(Beginning of Records shown)
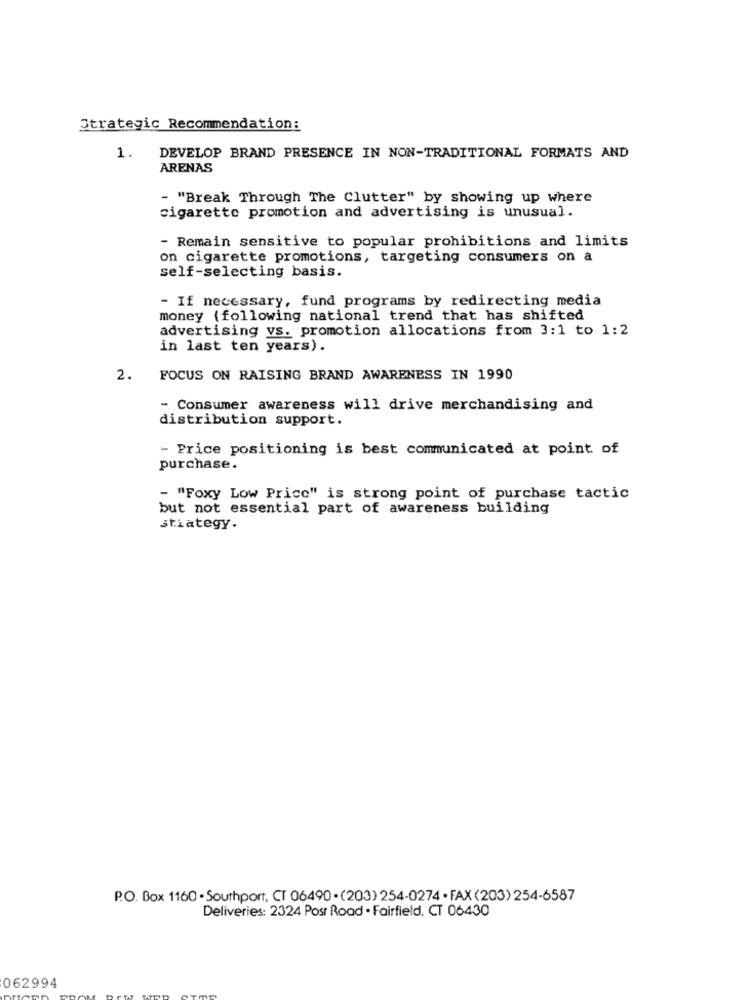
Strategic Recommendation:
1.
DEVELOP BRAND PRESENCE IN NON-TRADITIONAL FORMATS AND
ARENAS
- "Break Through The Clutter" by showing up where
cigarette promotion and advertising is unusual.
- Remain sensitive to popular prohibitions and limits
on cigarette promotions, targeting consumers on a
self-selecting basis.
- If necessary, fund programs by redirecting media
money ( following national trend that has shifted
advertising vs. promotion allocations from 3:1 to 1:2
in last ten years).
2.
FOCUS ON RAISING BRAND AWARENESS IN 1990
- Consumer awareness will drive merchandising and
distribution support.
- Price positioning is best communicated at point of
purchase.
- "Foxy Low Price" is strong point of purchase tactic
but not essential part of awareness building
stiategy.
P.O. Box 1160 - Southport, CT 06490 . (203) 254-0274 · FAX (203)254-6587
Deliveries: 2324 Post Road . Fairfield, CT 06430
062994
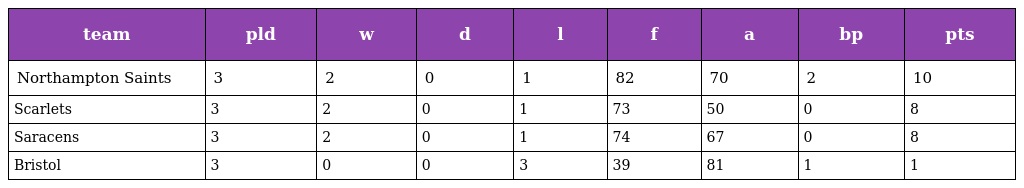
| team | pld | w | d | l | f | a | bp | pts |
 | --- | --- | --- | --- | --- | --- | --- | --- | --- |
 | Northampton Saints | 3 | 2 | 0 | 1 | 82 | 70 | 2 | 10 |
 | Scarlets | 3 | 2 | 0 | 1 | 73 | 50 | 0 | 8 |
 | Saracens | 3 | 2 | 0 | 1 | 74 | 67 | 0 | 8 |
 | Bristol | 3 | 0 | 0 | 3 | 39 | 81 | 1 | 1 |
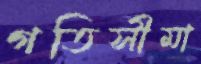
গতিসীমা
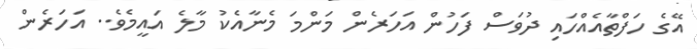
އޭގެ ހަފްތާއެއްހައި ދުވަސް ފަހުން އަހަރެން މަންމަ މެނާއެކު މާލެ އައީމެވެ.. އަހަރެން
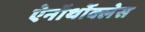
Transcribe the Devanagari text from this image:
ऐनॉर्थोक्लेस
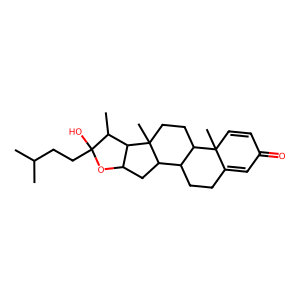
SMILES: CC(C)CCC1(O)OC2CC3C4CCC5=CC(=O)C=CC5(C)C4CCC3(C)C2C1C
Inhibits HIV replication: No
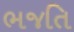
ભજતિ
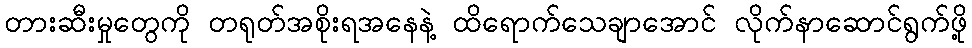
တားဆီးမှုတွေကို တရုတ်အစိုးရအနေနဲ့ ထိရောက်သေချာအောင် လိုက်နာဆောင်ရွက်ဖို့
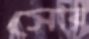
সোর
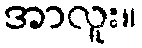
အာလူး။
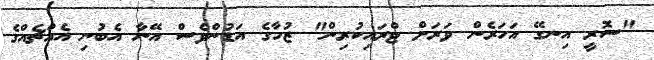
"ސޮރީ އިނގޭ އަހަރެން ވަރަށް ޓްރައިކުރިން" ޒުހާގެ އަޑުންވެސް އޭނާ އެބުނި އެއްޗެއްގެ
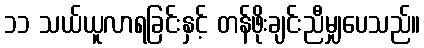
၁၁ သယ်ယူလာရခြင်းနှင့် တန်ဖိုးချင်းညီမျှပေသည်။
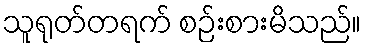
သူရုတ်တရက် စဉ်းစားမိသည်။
(End of Records shown)
** Your instructions **
Only the lines above from the one with "advertising vs. promotion" up to and including the one with "but not essential part of awareness building" should be repeated, exactly as written.

** Result **
advertising vs. promotion allocations from 3:1 to 1:2
in last ten years).
2.
FOCUS ON RAISING BRAND AWARENESS IN 1990
- Consumer awareness will drive merchandising and
distribution support.
- Price positioning is best communicated at point of
purchase.
- "Foxy Low Price" is strong point of purchase tactic
but not essential part of awareness building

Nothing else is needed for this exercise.